Pourrait-on voir un jour une femme monter sur le trône du Japon ? Avec ses particularités culturelles, le Japon reste une monarchie parlementaire et la question de la succession y est devenue un serpent de mer qui empoisonne volontiers les agendas politiques. Les sondages prouvent pourtant que la grande majorité des Japonais seraient favorables à une impératrice (comme chef d’état, non plus uniquement comme simple épouse de l’empereur). La classe politique, majoritairement composée d’hommes âgés, est quasi-unanime dans son refus : pas de femme aux pouvoirs. Pourquoi cette différence ? Qu’est-ce que l’histoire des femmes sur le trône du Japon nous révèle sur le pays et nature même de l’État du Japon ? Poulpy vous explique tout.
Y-a-t-il déjà eu des impératrices au Japon ?
Oui. Dans la longue liste des 126 empereurs du Japon on trouve 8 femmes qui furent josei tennô, femmes empereurs, à ne pas confondre avec kôgô qui est l’épouse d’un empereur (sans pouvoir ni responsabilité politique et symbolique). La plupart d’entre elles régnèrent aux VI-VIIe siècles et la dernière, Go-Sakuramachi, régna au milieu du XVIIIe siècle. Théoriquement, rien n’empêchait les femmes de monter sur le trône impérial. Pour cause, l’institution impériale japonaise a toujours reposé sur la croyance en une lignée unique issue de la déesse Amaterasu au travers de Ninigi no Mikoto et du premier empereur Jinmu. Les femmes de la famille impériale étaient aussi porteuses de cette légitimité de sang. C’est pour cette raison que, dans les premiers siècles du Japon, les femmes de la famille impériale se mariaient au sein de la famille avec des oncles ou des cousins, pour garder la pureté de la lignée et renforcer leur légitimité. Que s’est-il passé ?

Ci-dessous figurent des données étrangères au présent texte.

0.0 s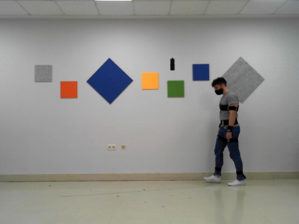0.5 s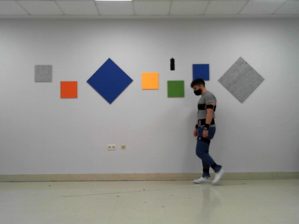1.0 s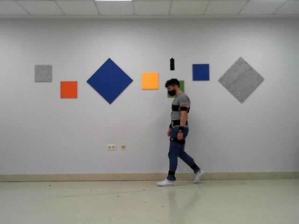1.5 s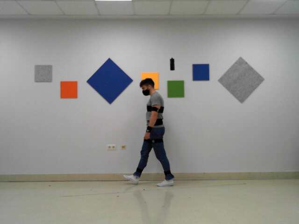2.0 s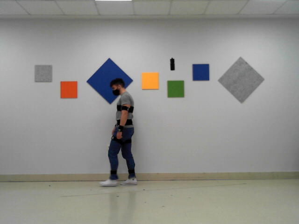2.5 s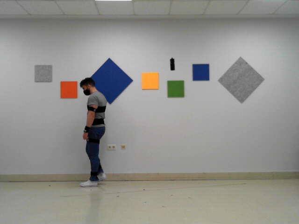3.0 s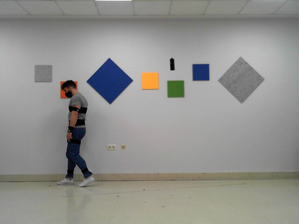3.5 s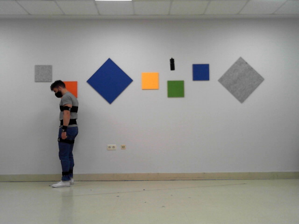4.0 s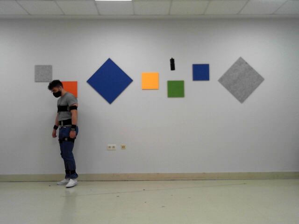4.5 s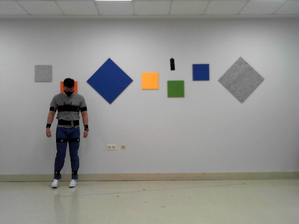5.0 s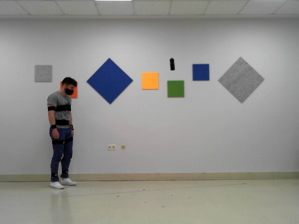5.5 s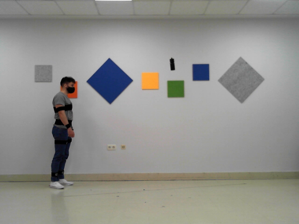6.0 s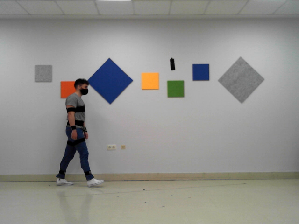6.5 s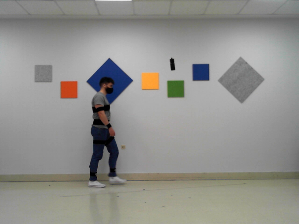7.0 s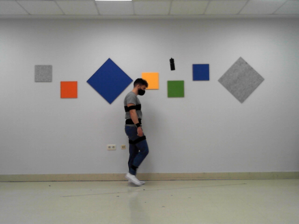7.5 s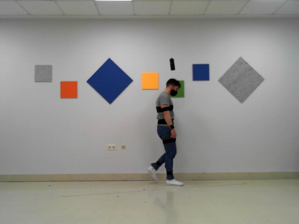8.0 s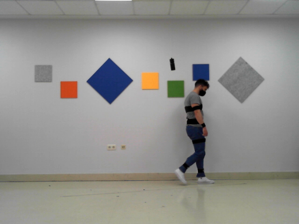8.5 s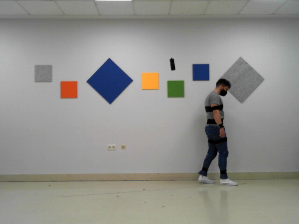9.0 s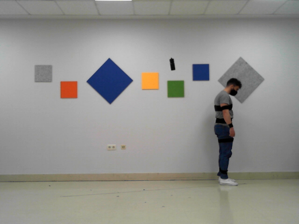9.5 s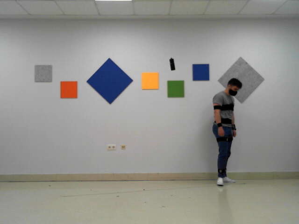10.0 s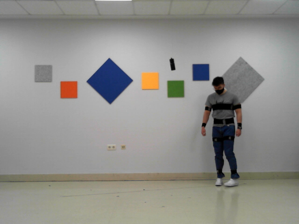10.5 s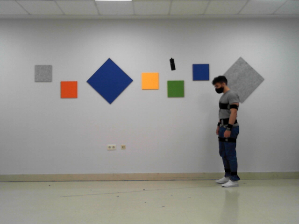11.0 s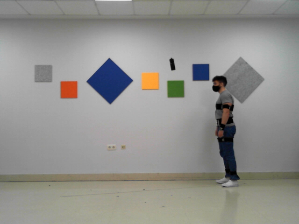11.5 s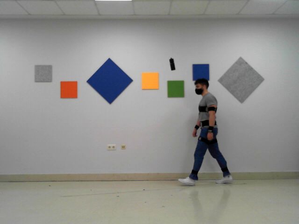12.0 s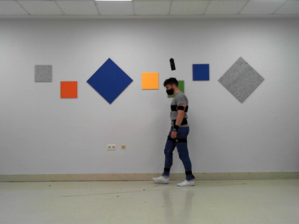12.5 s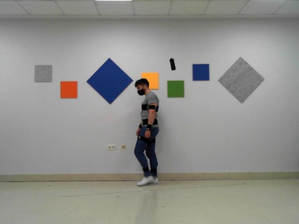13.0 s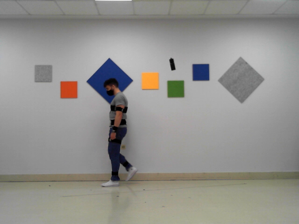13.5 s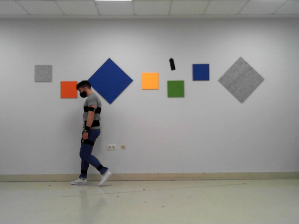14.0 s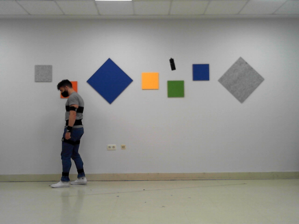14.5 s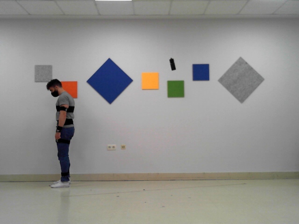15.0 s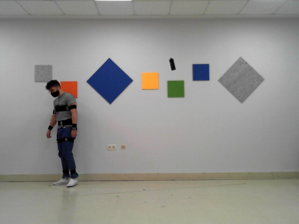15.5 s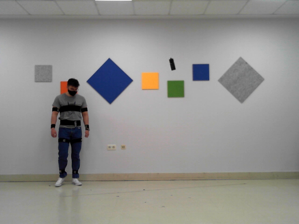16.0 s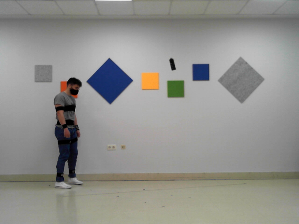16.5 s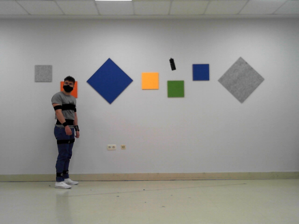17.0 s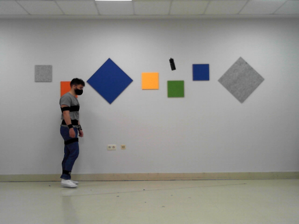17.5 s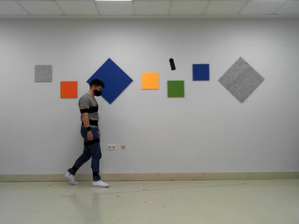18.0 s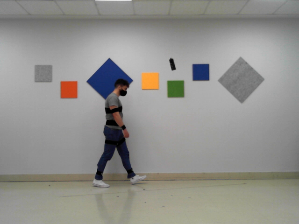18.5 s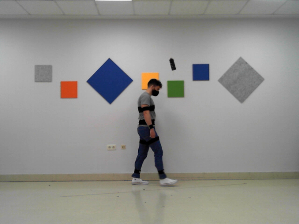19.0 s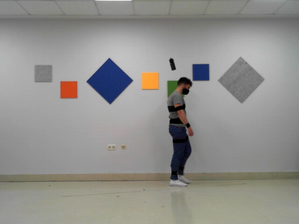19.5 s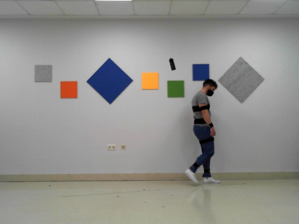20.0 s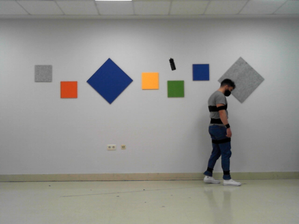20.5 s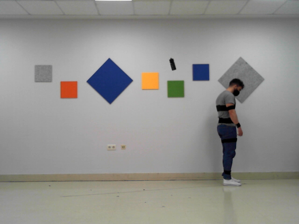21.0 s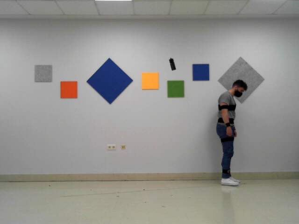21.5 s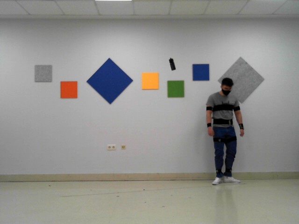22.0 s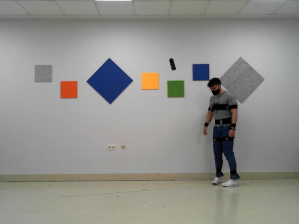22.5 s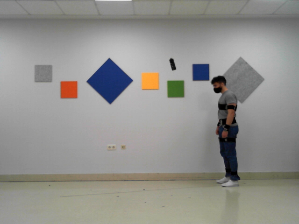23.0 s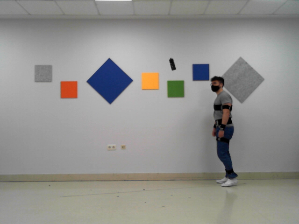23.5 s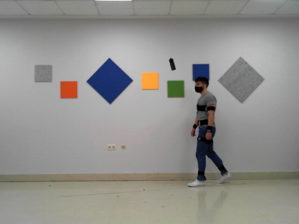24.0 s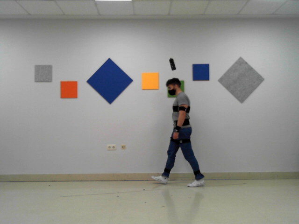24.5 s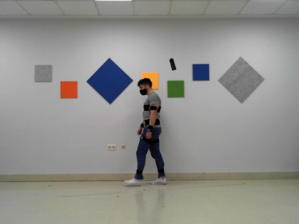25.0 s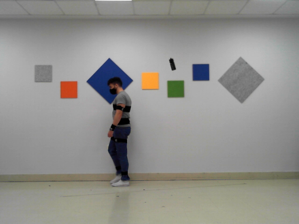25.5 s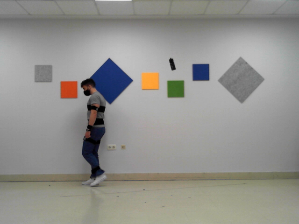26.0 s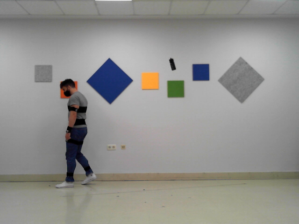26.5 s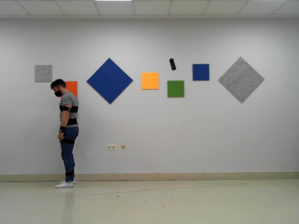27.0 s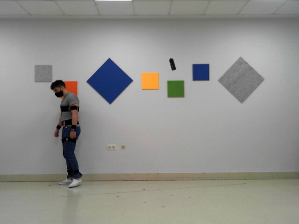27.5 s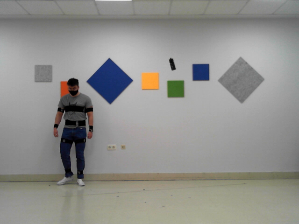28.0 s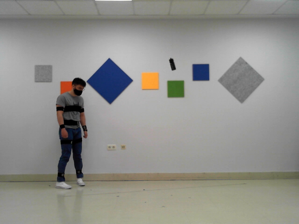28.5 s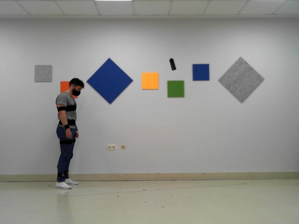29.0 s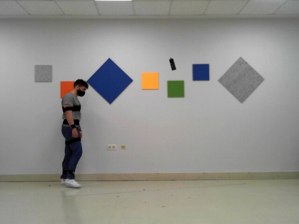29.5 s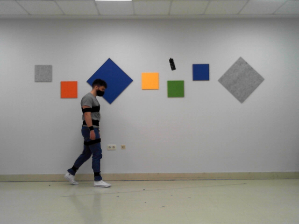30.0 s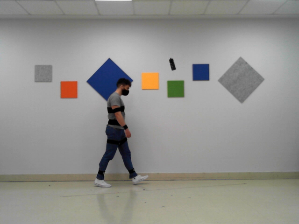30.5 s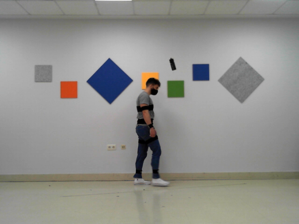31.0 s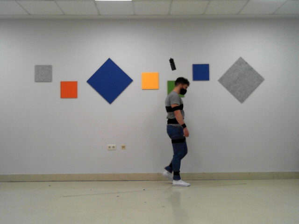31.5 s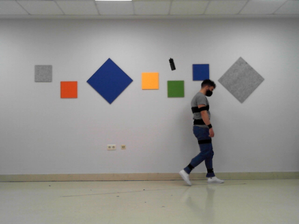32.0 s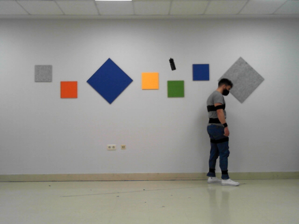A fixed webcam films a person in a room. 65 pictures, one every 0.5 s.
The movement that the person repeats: Walk forward.

Dans les faits, le règne d’une femme empereur répondait à des circonstances bien précises. Les femmes de la famille impériale montaient généralement sur le trône pour assurer une régence. Lorsque le successeur mâle de l’empereur était trop jeune ou que les circonstances politiques ne lui permettaient de monter sur le trône, il revenait à la femme la plus proche par le sang, la sœur ou la mère souvent, d’assurer la transition. Ce règne était prévu pour durer jusqu’à ce qu’un successeur masculin soit disponible. Ces règnes respectaient aussi la règle fondamentale de la transmission patrilinéaire (d’un père à ses enfants ou ses petits enfants) : une femme ne pouvait pas transmettre le trône à son fils sauf s’il était aussi un fils d’empereur… Cela permettait de décourager la noblesse de se marier avec une princesse impériale pour usurper le trône. Il existait donc déjà une volonté patriarcale de maintenir le pouvoir dans les mains des hommes autant que possible. Ces règles furent respectées par toutes les femmes empereurs des VI-VIIe siècles :
- Suiko (592-628), fille de l’empereur Kinmei et épouse de l’empereur Bidatsu, sœur de l’empereur Yômei, elle monta sur le trône après l’assassinat de l’empereur Sushun parce qu’elle était, par sa mère, membre du clan Soga qui dirigeait la cour impériale. Son règne permit de retarder d’une génération le choix d’un prétendant au trône et ainsi maintenir la paix.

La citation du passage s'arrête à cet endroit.